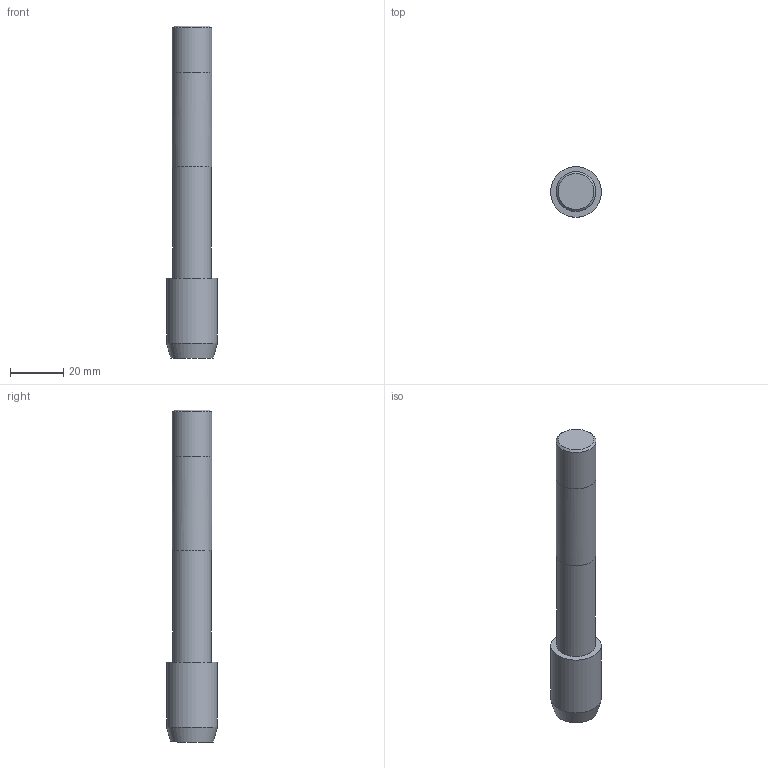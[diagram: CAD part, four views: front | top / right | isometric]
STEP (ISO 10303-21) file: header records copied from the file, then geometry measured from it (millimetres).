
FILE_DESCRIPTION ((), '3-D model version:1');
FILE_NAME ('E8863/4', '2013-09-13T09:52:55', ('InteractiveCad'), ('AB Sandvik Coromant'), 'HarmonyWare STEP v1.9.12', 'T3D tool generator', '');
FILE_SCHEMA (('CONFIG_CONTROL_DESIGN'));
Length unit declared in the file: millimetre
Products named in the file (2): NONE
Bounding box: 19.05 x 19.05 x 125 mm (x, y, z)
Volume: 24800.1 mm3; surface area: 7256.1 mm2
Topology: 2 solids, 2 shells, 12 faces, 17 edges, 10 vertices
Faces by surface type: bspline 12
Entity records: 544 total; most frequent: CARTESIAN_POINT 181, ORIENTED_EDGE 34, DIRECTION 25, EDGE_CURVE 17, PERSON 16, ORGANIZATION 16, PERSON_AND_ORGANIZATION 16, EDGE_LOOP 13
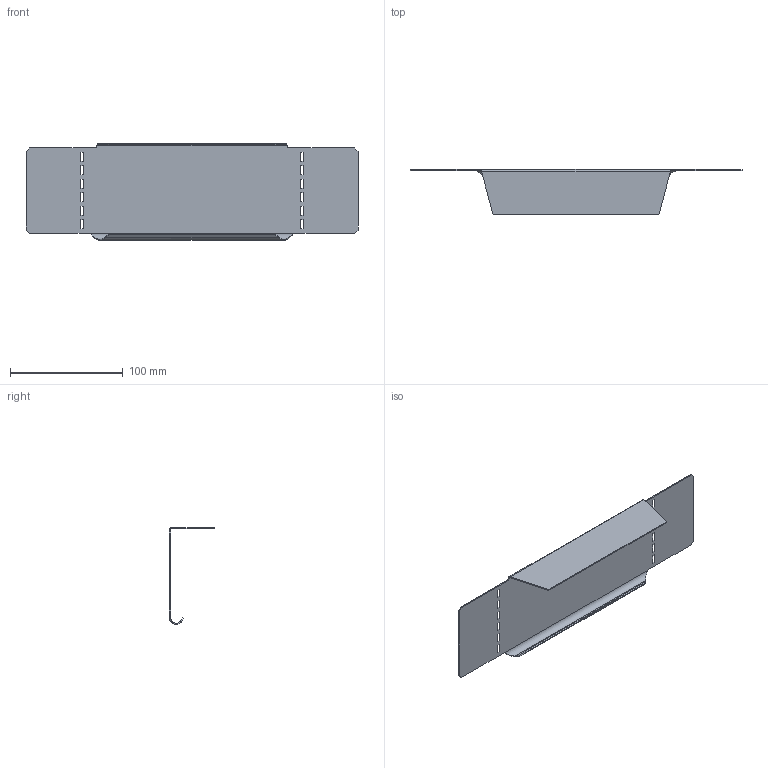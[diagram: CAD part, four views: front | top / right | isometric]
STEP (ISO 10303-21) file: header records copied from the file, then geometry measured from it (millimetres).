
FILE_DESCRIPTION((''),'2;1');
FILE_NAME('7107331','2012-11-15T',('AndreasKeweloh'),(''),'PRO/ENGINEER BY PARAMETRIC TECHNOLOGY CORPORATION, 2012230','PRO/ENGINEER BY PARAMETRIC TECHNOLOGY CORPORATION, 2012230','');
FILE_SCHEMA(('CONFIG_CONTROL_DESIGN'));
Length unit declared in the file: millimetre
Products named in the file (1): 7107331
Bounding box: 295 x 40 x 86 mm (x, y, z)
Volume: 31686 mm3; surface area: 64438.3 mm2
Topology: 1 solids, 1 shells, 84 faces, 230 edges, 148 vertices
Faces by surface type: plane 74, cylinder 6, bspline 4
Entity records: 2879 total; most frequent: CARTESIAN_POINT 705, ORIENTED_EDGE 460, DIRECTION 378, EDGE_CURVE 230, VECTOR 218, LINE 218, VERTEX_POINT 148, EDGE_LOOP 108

> [WHAT TO PRODUCE]: Reprint the whole listing above exactly, taking out the pictures.

> [SOLVED EXERCISE]:
[diagram: CAD part, four views: front | top / right | isometric]
STEP (ISO 10303-21) file: header records copied from the file, then geometry measured from it (millimetres).
FILE_DESCRIPTION ((), '3-D model version:1');
FILE_NAME ('E8863/4', '2013-09-13T09:52:55', ('InteractiveCad'), ('AB Sandvik Coromant'), 'HarmonyWare STEP v1.9.12', 'T3D tool generator', '');
FILE_SCHEMA (('CONFIG_CONTROL_DESIGN'));
Length unit declared in the file: millimetre
Products named in the file (2): NONE
Bounding box: 19.05 x 19.05 x 125 mm (x, y, z)
Volume: 24800.1 mm3; surface area: 7256.1 mm2
Topology: 2 solids, 2 shells, 12 faces, 17 edges, 10 vertices
Faces by surface type: bspline 12
Entity records: 544 total; most frequent: CARTESIAN_POINT 181, ORIENTED_EDGE 34, DIRECTION 25, EDGE_CURVE 17, PERSON 16, ORGANIZATION 16, PERSON_AND_ORGANIZATION 16, EDGE_LOOP 13
[diagram: CAD part, four views: front | top / right | isometric]
STEP (ISO 10303-21) file: header records copied from the file, then geometry measured from it (millimetres).
FILE_DESCRIPTION((''),'2;1');
FILE_NAME('7107331','2012-11-15T',('AndreasKeweloh'),(''),'PRO/ENGINEER BY PARAMETRIC TECHNOLOGY CORPORATION, 2012230','PRO/ENGINEER BY PARAMETRIC TECHNOLOGY CORPORATION, 2012230','');
FILE_SCHEMA(('CONFIG_CONTROL_DESIGN'));
Length unit declared in the file: millimetre
Products named in the file (1): 7107331
Bounding box: 295 x 40 x 86 mm (x, y, z)
Volume: 31686 mm3; surface area: 64438.3 mm2
Topology: 1 solids, 1 shells, 84 faces, 230 edges, 148 vertices
Faces by surface type: plane 74, cylinder 6, bspline 4
Entity records: 2879 total; most frequent: CARTESIAN_POINT 705, ORIENTED_EDGE 460, DIRECTION 378, EDGE_CURVE 230, VECTOR 218, LINE 218, VERTEX_POINT 148, EDGE_LOOP 108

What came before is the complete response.